It may come as a surprise to some to learn that sex was not originated by Playboy magazine, and that Henry Miller and Tennessee Williams are not the ultimate authorities in this line. As a matter of fact, Satan can offer absolutely nothing in the realm of sexuality -- not a thing, except distortion and hollowness. It is God who created sex, and this verse clearly indicates that God had the distinctions of sex in mind when he made the male. The pronouncement, "It is not good that man should be alone," indicates that woman was no mere afterthought with God. Man was not yet complete when only the male existed. For the full thought of God about humanity, two sexes are necessary, and God makes this clear. About everything else in his creation he said "It is good," but when only the man stood there, God said, "It is not good," indicating there is more to come. He moved on, then, to the creation of woman, thus revealing that all that is possible in sex in terms of ecstasy and fulfillment was planned and provided for by God. He likes sex, and he intends his creatures to like it as well. He made man and woman to be different, and it is not ribald to say with the French, vive la difference!

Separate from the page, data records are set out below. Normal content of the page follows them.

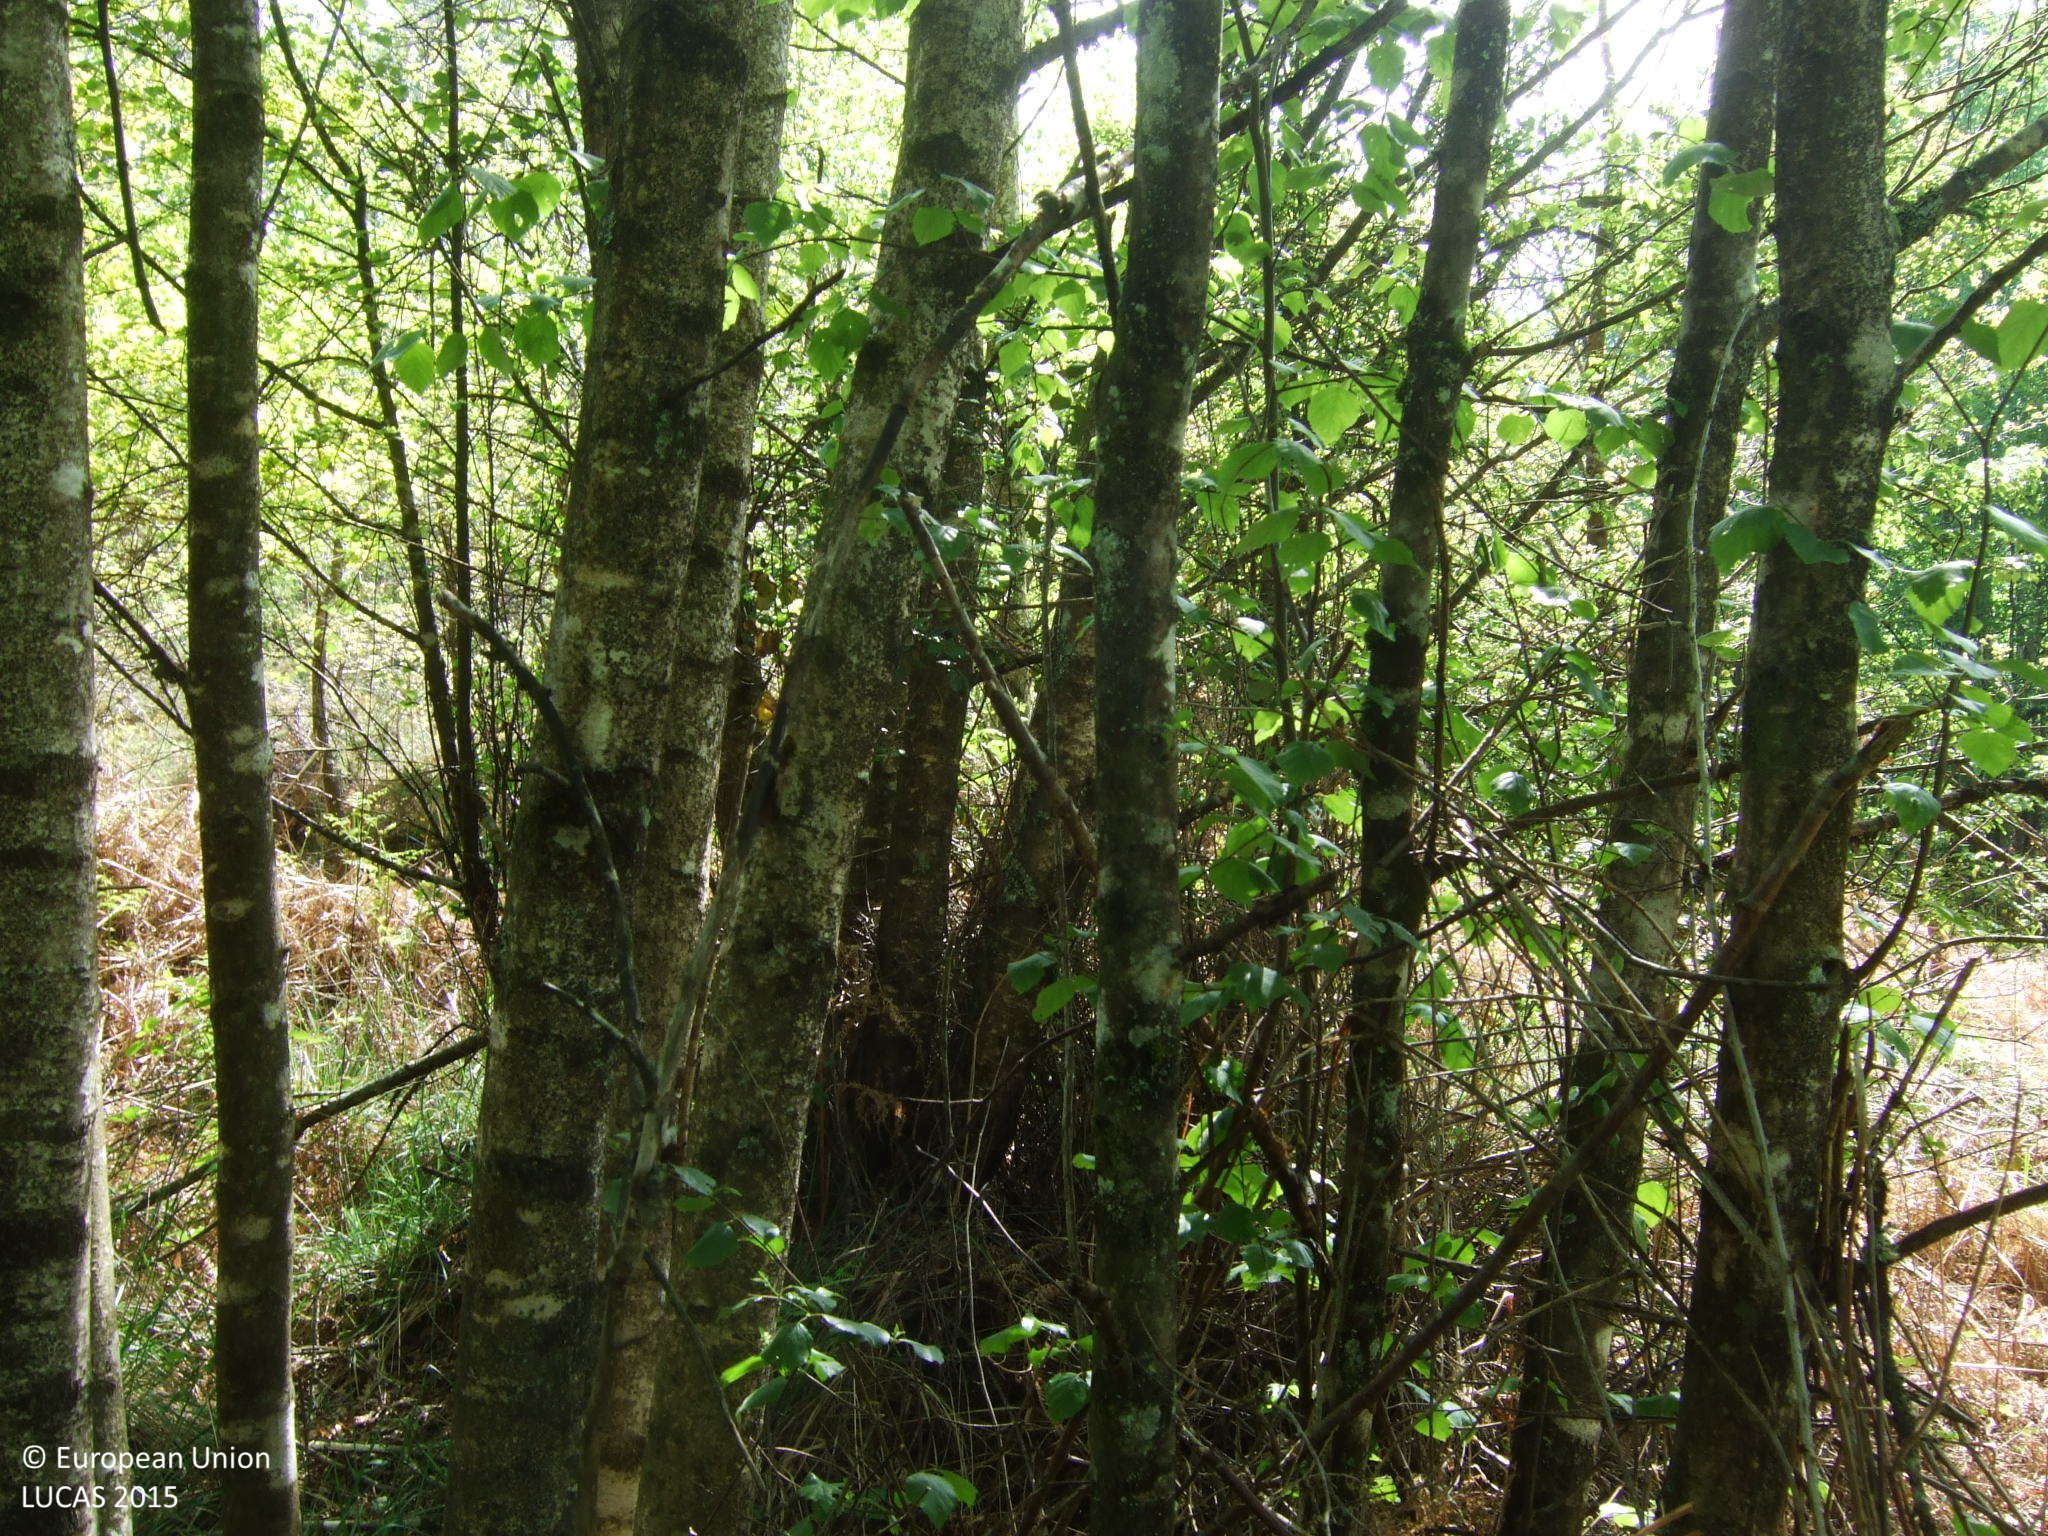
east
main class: Grassland
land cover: Grassland with sparse tree/shrub cover
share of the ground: > 75 %
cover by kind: herbaceous plants 95 %, broadleaved forest trees 5 %
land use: Agriculture (excluding fallow land and kitchen gardens)
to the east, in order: Grassland with sparse tree/shrub cover; Abandoned hedges; Shrubland with sparse tree cover; Broadleaved woodland; Pine dominated coniferous woodland; Shrubland with sparse tree cover; Grassland without tree/shrub cover; Broadleaved woodland
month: May
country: ES
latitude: 42.9948
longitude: -7.4043

There is no question but that the present "sexplosion" so widespread today is a reaction to Victorian prudishness. But libertinism and Victorianism represent extremes, and both are extremely wrong. Victorianism is as anti-Christian as wife-swapping, and equally destructive to what God had in mind for human beings in the making of sex. I know it is popular today to paint evangelical Christians and the Bible as essentially antisexual and priggish, treating sex as a kind of necessary evil, but you find no such picture like that in the Bible. The Bible handles the subject of sex forthrightly and frankly. Here is an excellent summary of what it has to say about sex, taken from Dr. William Coles' book, Sex and Love in the Bible":

"Sex is good. It is the creation of God and all men are expected to enjoy it. No prudishness or squeamishness is appropriate. Sex is not an occasion for shame or embarrassment. All members of a family must learn to use their sexual drives responsibly, but they do so by facing the facts openly, not by hiding behind blinders, pretending that life is asexual, that such matters are never discussed in polite society.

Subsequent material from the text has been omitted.